_WHAT TO PRODUCE:_ Report each line of the records below that uses the word "areas".

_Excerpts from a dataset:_
+-------+

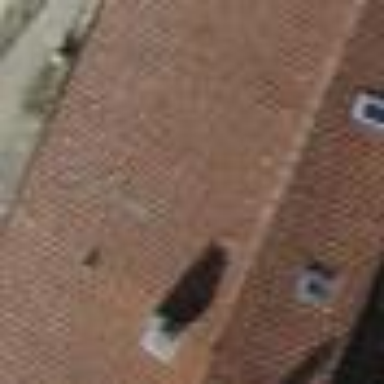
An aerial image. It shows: Terrace building with gabled roof made of roof tiles. The orientation of the roof is across.
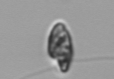
Label: flagellate_morphotype1
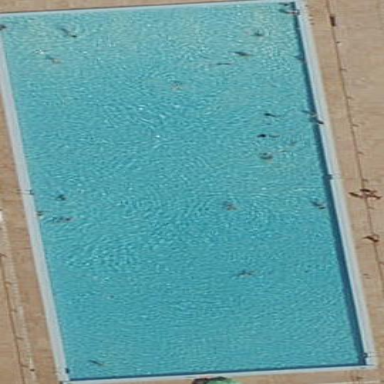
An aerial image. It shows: Swimming pool located in leisure land.
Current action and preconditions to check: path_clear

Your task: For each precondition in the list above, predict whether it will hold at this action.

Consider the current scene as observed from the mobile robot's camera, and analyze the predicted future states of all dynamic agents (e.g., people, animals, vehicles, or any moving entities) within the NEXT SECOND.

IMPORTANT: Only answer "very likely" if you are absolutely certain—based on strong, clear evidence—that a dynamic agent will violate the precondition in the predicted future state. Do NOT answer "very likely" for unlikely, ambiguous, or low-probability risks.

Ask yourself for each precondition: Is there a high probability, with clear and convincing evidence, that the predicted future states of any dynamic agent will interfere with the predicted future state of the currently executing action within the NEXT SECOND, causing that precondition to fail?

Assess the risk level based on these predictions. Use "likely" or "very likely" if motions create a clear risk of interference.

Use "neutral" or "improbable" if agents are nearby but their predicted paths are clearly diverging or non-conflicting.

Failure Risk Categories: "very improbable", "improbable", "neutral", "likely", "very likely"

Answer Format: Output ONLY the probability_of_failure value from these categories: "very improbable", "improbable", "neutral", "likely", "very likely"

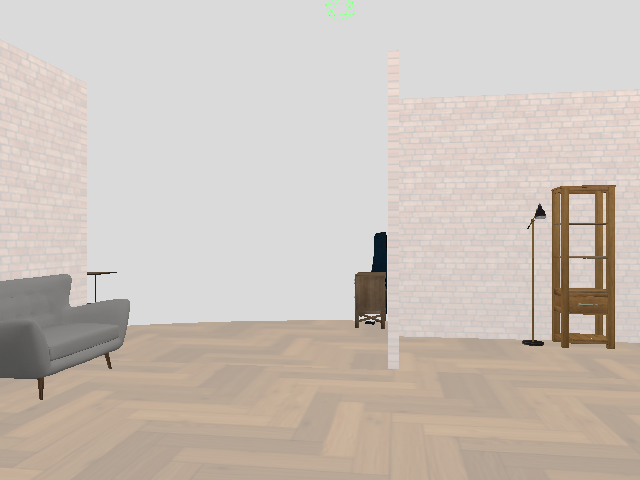

Answer: very improbable
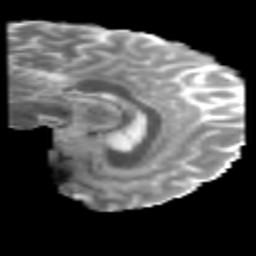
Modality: MD
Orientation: sagittal
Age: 45
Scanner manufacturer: philips
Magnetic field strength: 3 T
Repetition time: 8.6 s
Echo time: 0.127 s
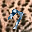
Label: 7
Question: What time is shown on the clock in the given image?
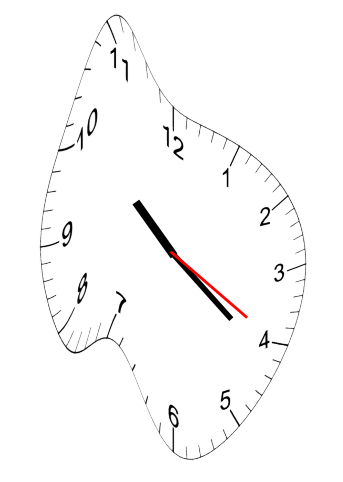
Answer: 10:21:20
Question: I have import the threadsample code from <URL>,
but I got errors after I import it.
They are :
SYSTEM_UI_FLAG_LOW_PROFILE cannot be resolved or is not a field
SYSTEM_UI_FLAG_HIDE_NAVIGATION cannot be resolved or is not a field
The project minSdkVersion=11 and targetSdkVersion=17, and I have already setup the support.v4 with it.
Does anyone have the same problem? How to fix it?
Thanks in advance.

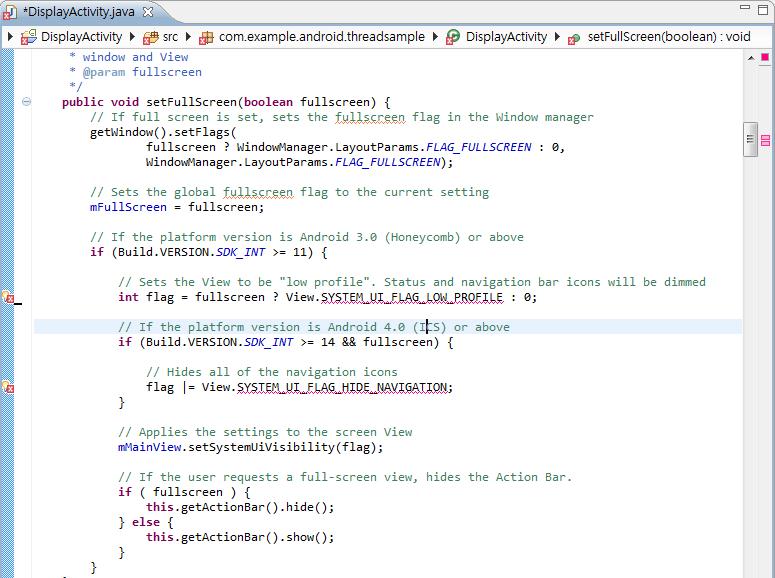
Answer: That is a mistake 'SYSTEM_UI_FLAG_LOW_PROFILE' is included in 'API >= 14' and 'SYSTEM_UI_FLAG_LAYOUT_HIDE_NAVIGATION' is included in 'API >= 16'
So you need minSdk=14. See the document at <URL>.
Need to change the project build target to Android 4.0 to get rid of the errors.
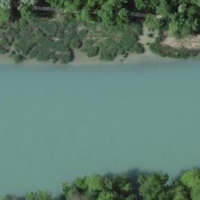
EUNIS habitat code: 15
Species observed at this site:
Filipendula ulmaria
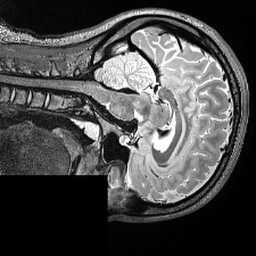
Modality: T2w
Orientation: sagittal
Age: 22
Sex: female
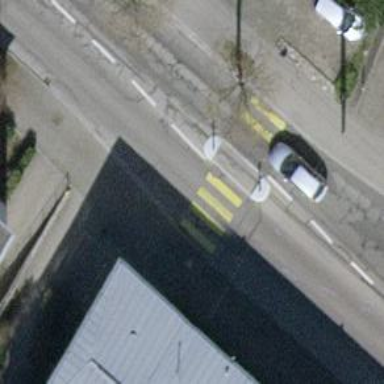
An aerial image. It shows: Marked crossing with pedestrian island.
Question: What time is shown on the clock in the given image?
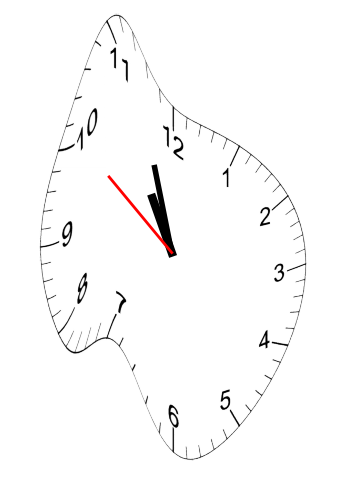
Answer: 10:56:51
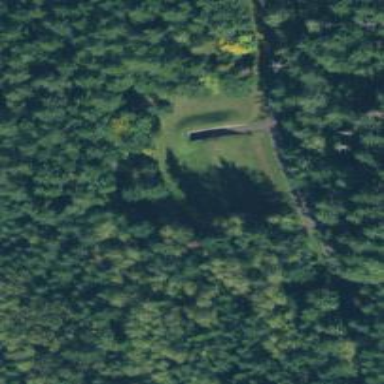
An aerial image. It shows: Military bunker.
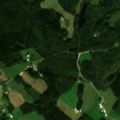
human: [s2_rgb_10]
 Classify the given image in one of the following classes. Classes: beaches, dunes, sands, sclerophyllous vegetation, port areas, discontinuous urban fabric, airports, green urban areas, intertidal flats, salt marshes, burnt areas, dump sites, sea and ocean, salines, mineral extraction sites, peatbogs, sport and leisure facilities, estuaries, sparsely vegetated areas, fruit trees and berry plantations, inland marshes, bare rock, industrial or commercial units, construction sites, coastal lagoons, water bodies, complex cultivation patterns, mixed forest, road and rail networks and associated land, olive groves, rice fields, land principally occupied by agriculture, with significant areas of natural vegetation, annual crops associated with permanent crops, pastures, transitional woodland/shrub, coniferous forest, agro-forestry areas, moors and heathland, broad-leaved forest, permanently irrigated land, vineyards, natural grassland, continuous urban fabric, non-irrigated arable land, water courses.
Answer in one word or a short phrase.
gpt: non-irrigated arable land, land principally occupied by agriculture, with significant areas of natural vegetation, mixed forest
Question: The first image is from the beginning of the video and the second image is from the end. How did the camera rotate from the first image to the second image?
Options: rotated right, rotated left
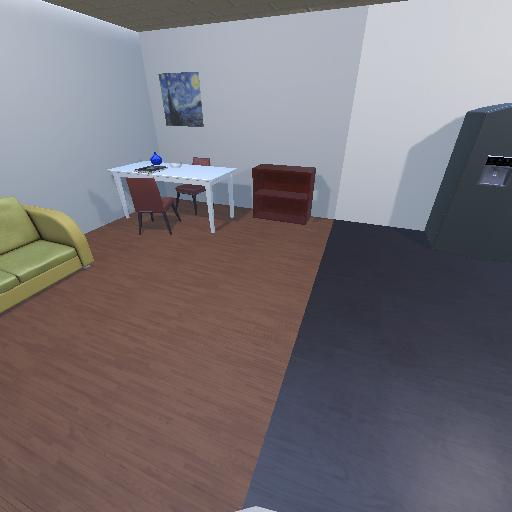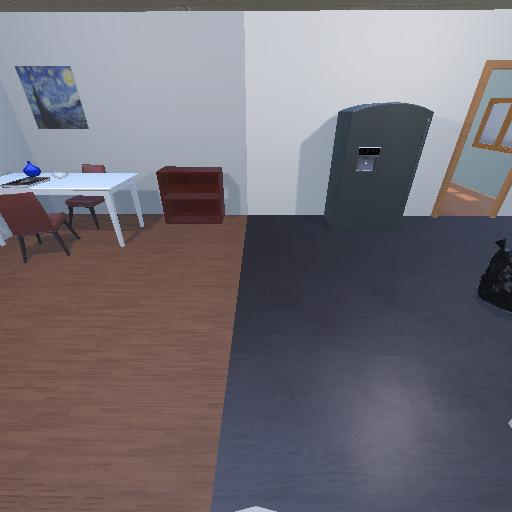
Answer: rotated right
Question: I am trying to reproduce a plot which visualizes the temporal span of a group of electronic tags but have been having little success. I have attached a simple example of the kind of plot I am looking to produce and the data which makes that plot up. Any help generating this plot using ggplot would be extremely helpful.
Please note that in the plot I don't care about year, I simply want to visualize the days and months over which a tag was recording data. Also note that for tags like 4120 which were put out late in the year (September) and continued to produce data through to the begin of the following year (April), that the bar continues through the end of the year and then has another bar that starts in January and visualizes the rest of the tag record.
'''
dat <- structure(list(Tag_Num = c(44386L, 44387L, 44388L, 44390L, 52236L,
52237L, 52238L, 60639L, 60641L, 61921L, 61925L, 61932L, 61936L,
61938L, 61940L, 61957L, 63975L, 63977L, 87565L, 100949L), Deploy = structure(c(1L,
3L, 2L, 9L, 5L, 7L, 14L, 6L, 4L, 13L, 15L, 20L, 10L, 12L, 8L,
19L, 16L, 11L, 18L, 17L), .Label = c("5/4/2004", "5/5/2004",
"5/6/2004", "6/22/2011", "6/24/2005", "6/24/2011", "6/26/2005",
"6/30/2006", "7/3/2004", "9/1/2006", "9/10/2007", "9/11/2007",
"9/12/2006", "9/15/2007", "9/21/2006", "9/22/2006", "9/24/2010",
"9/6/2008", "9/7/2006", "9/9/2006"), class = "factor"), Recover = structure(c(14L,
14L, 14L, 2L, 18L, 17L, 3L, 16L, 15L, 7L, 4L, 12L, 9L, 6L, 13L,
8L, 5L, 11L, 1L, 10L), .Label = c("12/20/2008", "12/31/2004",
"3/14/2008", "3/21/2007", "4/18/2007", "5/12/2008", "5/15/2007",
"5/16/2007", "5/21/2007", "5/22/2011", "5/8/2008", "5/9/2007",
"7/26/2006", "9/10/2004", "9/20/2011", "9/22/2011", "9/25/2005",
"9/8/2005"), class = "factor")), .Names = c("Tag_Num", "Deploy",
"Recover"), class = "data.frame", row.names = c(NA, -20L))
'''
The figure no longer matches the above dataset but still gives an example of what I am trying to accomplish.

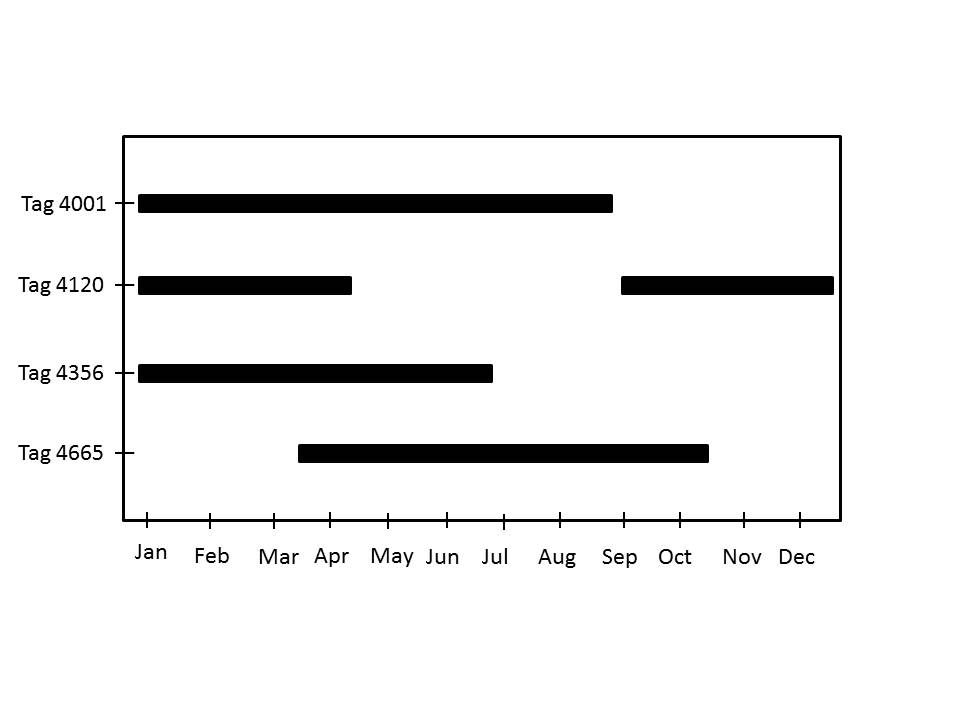
Answer: I found a solution, although I ended up relying on Julian dates to get this to work. I relied heavily on the lubridate, dplyr, and ggplot2 packages.
I spent a long time figuring out how the dataset should look. If you just have these five points, you could easily make a second row for 4120. Here is a way to do it on the whole dataset using 'do' from 'dplyr'.
'''
require(dplyr)
require(lubridate)
dat2 = dat %>%
group_by(Tag_Num) %>%
do(if(year(mdy(.$Deploy)) - year(mdy(.$Recover)) != 0) {
data.frame(Deploy = c(as.character(.$Deploy), paste("1/1", year(mdy(.$Recover)), sep = "/")),
Recover = c(paste("12/31", year(mdy(.$Deploy)), sep = "/"), as.character(.$Recover))) }
else { data.frame(Deploy = .$Deploy, Recover = .$Recover) } )
'''
Now the dataset looks like:
> '''
Tag_Num Deploy Recover
1 4001 1/1/2014 9/1/2014
2 4120 9/1/2013 12/31/2013
3 4120 1/1/2014 4/20/2014
4 4356 1/1/2011 6/29/2011
5 4665 3/15/2010 10/17/2010
'''
I made converted to Julian Day Deploy and Recover dates for the actual plotting. I put year of deployment in, as well, so you could technically do something like color by year in the plot.
'''
dat2 = dat2 %>% ungroup %>%
mutate(year = year(mdy(Deploy)), JDeploy = yday(mdy(Deploy)),
JRecover = yday(mdy(Recover)), Tag_Num = factor(Tag_Num))
'''
> '''
Tag_Num Deploy Recover year JDeploy JRecover
1 4001 1/1/2014 9/1/2014 2014 1 244
2 4120 9/1/2013 12/31/2013 2013 244 365
3 4120 1/1/2014 4/20/2014 2014 1 110
4 4356 1/1/2011 6/29/2011 2011 1 180
5 4665 3/15/2010 10/17/2010 2010 74 290
'''
To put months on the x axis instead of Julian Day, I figured out the approximate Julian Day of the middle of each month to use as axis breaks. This seems a little hacky to me, but wasn't sure how else to define the breaks.
'''
# Make breaks in Julian Day that will be equivalent to essentially midmonth?
xbreaks = yday(paste(2013, 1:12, c(15, 14, rep(15, 10)), sep = "-"))
# If want labels at start of each month rather than midmonth
xbreaks2 = yday(paste(2013, 1:12, 1, sep = "-"))
'''
Then plotting with ggplot2. This relies using 'as.numeric' on the factor 'Tag_Num' for use in 'geom_segment'. The y axis breaks labels were then set with the levels of 'Tag_Num'. You could change the order of the y axis be changing the order of the levels of 'Tag_Num' in the dataset.
With more tags, the numeric breaks on the y axis no longer represent every single unique tag by default (seen with updated dataset in OP). You can solve this by setting the 'breaks' in 'scale_y_continuous'.
'''
require(ggplot2)
ggplot(dat2, aes(x = JDeploy, xend = JRecover, y = as.numeric(Tag_Num), yend = as.numeric(Tag_Num))) +
geom_segment(size = 5) +
scale_y_continuous(breaks = unique(as.numeric(dat2$Tag_Num)), labels = paste("Tag", levels(dat2$Tag_Num))) +
ylab(NULL) +
xlab(NULL) +
scale_x_continuous(breaks = xbreaks2, labels = format(ISOdate(2004,1:12,1),"%b"))
'''
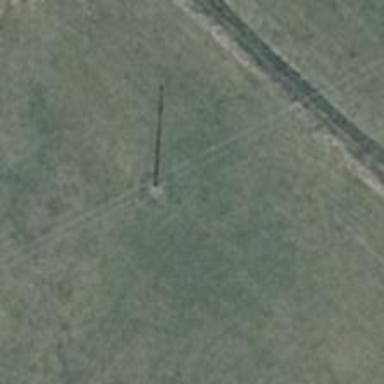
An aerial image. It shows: Power pole.
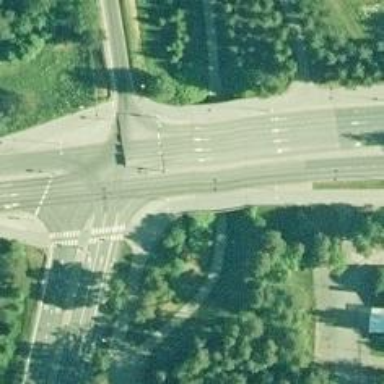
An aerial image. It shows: Secondary road with asphalt surface.
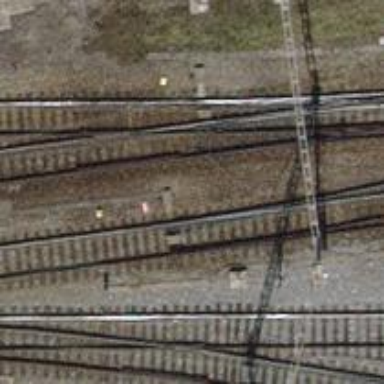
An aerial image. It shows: Railway yard with electrified tracks and single track.

+-------+

_FINISHED EXERCISE:_
 Classify the given image in one of the following classes. Classes: beaches, dunes, sands, sclerophyllous vegetation, port areas, discontinuous urban fabric, airports, green urban areas, intertidal flats, salt marshes, burnt areas, dump sites, sea and ocean, salines, mineral extraction sites, peatbogs, sport and leisure facilities, estuaries, sparsely vegetated areas, fruit trees and berry plantations, inland marshes, bare rock, industrial or commercial units, construction sites, coastal lagoons, water bodies, complex cultivation patterns, mixed forest, road and rail networks and associated land, olive groves, rice fields, land principally occupied by agriculture, with significant areas of natural vegetation, annual crops associated with permanent crops, pastures, transitional woodland/shrub, coniferous forest, agro-forestry areas, moors and heathland, broad-leaved forest, permanently irrigated land, vineyards, natural grassland, continuous urban fabric, non-irrigated arable land, water courses.
gpt: non-irrigated arable land, land principally occupied by agriculture, with significant areas of natural vegetation, mixed forest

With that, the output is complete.